As a born-and-bred Brooklynite, Adam Richman knows his pizza. He's eaten a lot of pies during his time hosting shows like "Man v. Food" and "Adam Eats the '80s" too. As a pizza connoisseur, he jumped at the opportunity to work with Hormel to promote the brand's Pepperoni Pizza Pop-Up Shop; the shop is releasing limited-edition pepperoni-themed merch like clothes, games, and furniture every day for a week leading up to National Pepperoni Pizza Day on September 20. To get the pepperoni hype going, he also starred in a YouTube video where he modeled many of the pepperoni-themed goodies that will be going on sale.

In an exclusive interview with Mashed, Richman talked about all the slices of pizza he's fallen in love with over the decades in New York City. He also shared his personal pepperoni preferences along with some creative uses for everybody's favorite pizza topping. And since he's the host of the History show "The Food That Built America," he couldn't help but put on his historian hat and tell us the story of pepperoni — and how this humble cured meat helped bring prosperity to America's heartland.

Selling pizza bagels for charity

I saw you hosted a pizza bagel fundraiser for the Maui wildfires recently. How did that go?

It was awesome. We raised thousands of bucks in one night. It was me with Cugine, or as most people probably know him, Meals by Cug on TikTok and IG. He and I have been friends for a little minute. His platform is massive, and the bagels from the pop-up are insanely good.

I love Hawaii. It's my favorite place on planet Earth. I recently discovered through Ancestry.com that I have a cousin there that I recently met for the first time, and I've been doing the Hawaii Food and Wine Festival for a while. I've always loved Lahaina, and I know a lot of people who lost homes and livelihoods and relatives. It was cool to use my platform and make something really good.

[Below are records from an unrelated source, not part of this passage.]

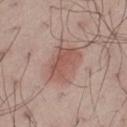Q: Was a biopsy performed?
A: imaged on a skin check; not biopsied
Q: What is the imaging modality?
A: ~15 mm crop, total-body skin-cancer survey
Q: What is the lesion's diameter?
A: ≈4.5 mm
Q: What is the anatomic site?
A: the leg
Q: What lighting was used for the tile?
A: white-light
Q: Patient demographics?
A: male, aged around 50
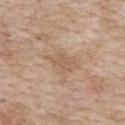Findings:
– follow-up: total-body-photography surveillance lesion; no biopsy
– lighting: white-light
– imaging modality: ~15 mm tile from a whole-body skin photo
– diameter: ≈4 mm
– site: the upper back
– subject: female, aged 73–77
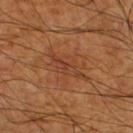notes = catalogued during a skin exam; not biopsied | location = the right lower leg | patient = male, approximately 60 years of age | imaging modality = ~15 mm tile from a whole-body skin photo | lesion diameter = ~5 mm (longest diameter).
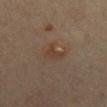Captured during whole-body skin photography for melanoma surveillance; the lesion was not biopsied. The patient is a female aged approximately 65. Cropped from a whole-body photographic skin survey; the tile spans about 15 mm. From the abdomen. The tile uses cross-polarized illumination.
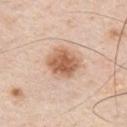Imaged during a routine full-body skin examination; the lesion was not biopsied and no histopathology is available. From the chest. Automated image analysis of the tile measured a footprint of about 13 mm², an eccentricity of roughly 0.5, and a shape-asymmetry score of about 0.15 (0 = symmetric). It also reported a lesion color around L≈62 a*≈21 b*≈32 in CIELAB, a lesion–skin lightness drop of about 14, and a normalized border contrast of about 9. The analysis additionally found a border-irregularity index near 2/10, internal color variation of about 5 on a 0–10 scale, and peripheral color asymmetry of about 1.5. Imaged with white-light lighting. Approximately 4.5 mm at its widest. This image is a 15 mm lesion crop taken from a total-body photograph. The subject is a male aged approximately 45.
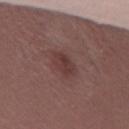<case>
<biopsy_status>not biopsied; imaged during a skin examination</biopsy_status>
</case>
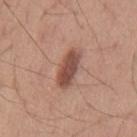Q: Is there a histopathology result?
A: imaged on a skin check; not biopsied
Q: What is the anatomic site?
A: the mid back
Q: What is the imaging modality?
A: ~15 mm crop, total-body skin-cancer survey
Q: Who is the patient?
A: male, aged 53–57
Q: Illumination type?
A: white-light illumination
Q: Automated lesion metrics?
A: an area of roughly 8.5 mm² and a symmetry-axis asymmetry near 0.2; a nevus-likeness score of about 85/100 and a detector confidence of about 100 out of 100 that the crop contains a lesion
Q: Lesion size?
A: ~4.5 mm (longest diameter)
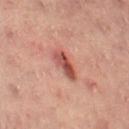{"biopsy_status": "not biopsied; imaged during a skin examination", "patient": {"sex": "female", "age_approx": 55}, "automated_metrics": {"area_mm2_approx": 6.0, "eccentricity": 0.85, "shape_asymmetry": 0.25, "cielab_L": 43, "cielab_a": 25, "cielab_b": 24, "vs_skin_darker_L": 11.0, "peripheral_color_asymmetry": 2.0}, "lesion_size": {"long_diameter_mm_approx": 3.5}, "image": {"source": "total-body photography crop", "field_of_view_mm": 15}, "lighting": "cross-polarized", "site": "left thigh"}
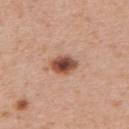Impression: This lesion was catalogued during total-body skin photography and was not selected for biopsy. Background: A female subject aged approximately 30. Located on the upper back. A 15 mm crop from a total-body photograph taken for skin-cancer surveillance.
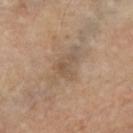The lesion was photographed on a routine skin check and not biopsied; there is no pathology result. Captured under cross-polarized illumination. A 15 mm close-up extracted from a 3D total-body photography capture. The lesion is located on the arm. The patient is a female aged approximately 65. The recorded lesion diameter is about 3 mm.
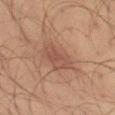| feature | finding |
|---|---|
| workup | no biopsy performed (imaged during a skin exam) |
| lesion size | ~4.5 mm (longest diameter) |
| subject | male, aged approximately 35 |
| image source | ~15 mm crop, total-body skin-cancer survey |
| lighting | cross-polarized |
| site | the leg |
| automated lesion analysis | a footprint of about 9.5 mm², an eccentricity of roughly 0.8, and a symmetry-axis asymmetry near 0.25; a mean CIELAB color near L≈46 a*≈19 b*≈26, a lesion–skin lightness drop of about 7, and a normalized lesion–skin contrast near 6 |
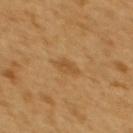Part of a total-body skin-imaging series; this lesion was reviewed on a skin check and was not flagged for biopsy. Captured under cross-polarized illumination. The total-body-photography lesion software estimated a footprint of about 3.5 mm², an outline eccentricity of about 0.8 (0 = round, 1 = elongated), and two-axis asymmetry of about 0.25. The analysis additionally found a mean CIELAB color near L≈51 a*≈19 b*≈41, a lesion–skin lightness drop of about 7, and a lesion-to-skin contrast of about 5.5 (normalized; higher = more distinct). The software also gave an automated nevus-likeness rating near 5 out of 100 and a detector confidence of about 100 out of 100 that the crop contains a lesion. From the upper back. The patient is a female approximately 55 years of age. A roughly 15 mm field-of-view crop from a total-body skin photograph.
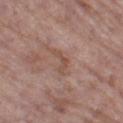Part of a total-body skin-imaging series; this lesion was reviewed on a skin check and was not flagged for biopsy. The subject is a female aged around 85 or older. The tile uses white-light illumination. Cropped from a whole-body photographic skin survey; the tile spans about 15 mm. Longest diameter approximately 3.5 mm. The lesion-visualizer software estimated an average lesion color of about L≈50 a*≈20 b*≈26 (CIELAB) and a lesion-to-skin contrast of about 6 (normalized; higher = more distinct). The software also gave an automated nevus-likeness rating near 0 out of 100 and a lesion-detection confidence of about 85/100. From the leg.
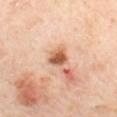Case summary:
• workup — no biopsy performed (imaged during a skin exam)
• size — ≈2.5 mm
• patient — female, aged around 60
• body site — the mid back
• tile lighting — cross-polarized
• imaging modality — ~15 mm crop, total-body skin-cancer survey
• image-analysis metrics — an outline eccentricity of about 0.35 (0 = round, 1 = elongated) and two-axis asymmetry of about 0.25; a nevus-likeness score of about 85/100 and lesion-presence confidence of about 100/100
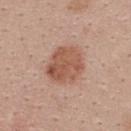<record>
<biopsy_status>not biopsied; imaged during a skin examination</biopsy_status>
<image>
  <source>total-body photography crop</source>
  <field_of_view_mm>15</field_of_view_mm>
</image>
<lesion_size>
  <long_diameter_mm_approx>5.0</long_diameter_mm_approx>
</lesion_size>
<patient>
  <sex>female</sex>
  <age_approx>25</age_approx>
</patient>
<site>upper back</site>
</record>
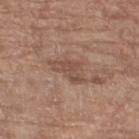The lesion was photographed on a routine skin check and not biopsied; there is no pathology result. The subject is a female in their mid- to late 70s. Captured under white-light illumination. Automated tile analysis of the lesion measured a classifier nevus-likeness of about 0/100 and a lesion-detection confidence of about 100/100. Approximately 4 mm at its widest. A 15 mm close-up tile from a total-body photography series done for melanoma screening. On the leg.
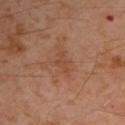workup = catalogued during a skin exam; not biopsied
lesion size = ~2.5 mm (longest diameter)
image = ~15 mm crop, total-body skin-cancer survey
body site = the left upper arm
patient = male, aged 53–57
illumination = cross-polarized illumination
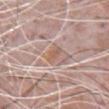follow-up — imaged on a skin check; not biopsied | imaging modality — ~15 mm tile from a whole-body skin photo | site — the chest | size — about 2.5 mm | lighting — white-light | subject — male, in their 80s.
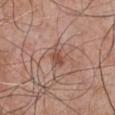Case summary:
• workup — total-body-photography surveillance lesion; no biopsy
• subject — male, approximately 70 years of age
• anatomic site — the chest
• imaging modality — ~15 mm crop, total-body skin-cancer survey
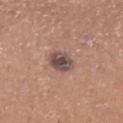workup: no biopsy performed (imaged during a skin exam).
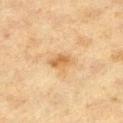lighting = cross-polarized
lesion size = ~2.5 mm (longest diameter)
acquisition = ~15 mm tile from a whole-body skin photo
site = the left thigh
subject = female, approximately 40 years of age
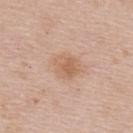Recorded during total-body skin imaging; not selected for excision or biopsy.
The patient is a female roughly 50 years of age.
From the upper back.
The lesion's longest dimension is about 3.5 mm.
Imaged with white-light lighting.
A close-up tile cropped from a whole-body skin photograph, about 15 mm across.
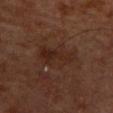Recorded during total-body skin imaging; not selected for excision or biopsy. The tile uses cross-polarized illumination. The lesion-visualizer software estimated a footprint of about 12 mm², an eccentricity of roughly 0.85, and two-axis asymmetry of about 0.25. It also reported a normalized lesion–skin contrast near 6. And it measured a border-irregularity index near 3.5/10, internal color variation of about 4 on a 0–10 scale, and peripheral color asymmetry of about 1.5. A region of skin cropped from a whole-body photographic capture, roughly 15 mm wide. A male patient roughly 60 years of age. Located on the upper back.
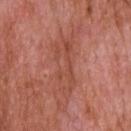Q: What did automated image analysis measure?
A: about 7 CIELAB-L* units darker than the surrounding skin and a normalized lesion–skin contrast near 5.5; a classifier nevus-likeness of about 0/100 and lesion-presence confidence of about 70/100
Q: What is the anatomic site?
A: the upper back
Q: How large is the lesion?
A: ~6.5 mm (longest diameter)
Q: What is the imaging modality?
A: 15 mm crop, total-body photography
Q: Patient demographics?
A: male, aged 63 to 67

We used a lot of Hawaiian ingredients. Hutchinson Farms up in Eastchester — he gets Maui onion, Hawaiian basil. I had the Hawaiian salt that I had at home. We were able to make a true Hawaiian sauce. Mike's Deli — on Arthur Avenue in the Bronx — made the fresh mozzarella for us that morning. The best bagels, the best cheese, the best ingredients ... Thousands of miles from Hawaii, a bunch of New Yorkers showed up. You can get great food anywhere in the city, especially downtown, and they showed up to donate thousands of dollars for a bunch of people who don't have that luxury. That's pretty awesome.

How to judge a great New York slice

Speaking of New York, you're a lifetime New Yorker. In terms of New York-style pizza, what are the things you're looking for in a great slice?

I prefer a thinner crust, not like a potato chip, although I could appreciate that too — like Imo's in St. Louis, or even Domino's thin crust. I have love for that cracker crust. But for me, for New York-style, it needs a little bit of a crisp, a little bit of a tear, not too doughy. Sauce has to be rich, tangy, not too sweet. The mozzarella can't be too salty. It all is about ratio. You can't burn out one of those crusty craters of death in the crust. I want to eat the crust — I want to eat the pizza bones.

That's a big thing. It's about ratio — the ratio of toppings and quality of them. It always sucks when you get the pizzaiolos who don't care. The pizza comes, and it's like one guy's got a buffet on his pizza, and one guy's got no toppings. It's got to be evenly distributed.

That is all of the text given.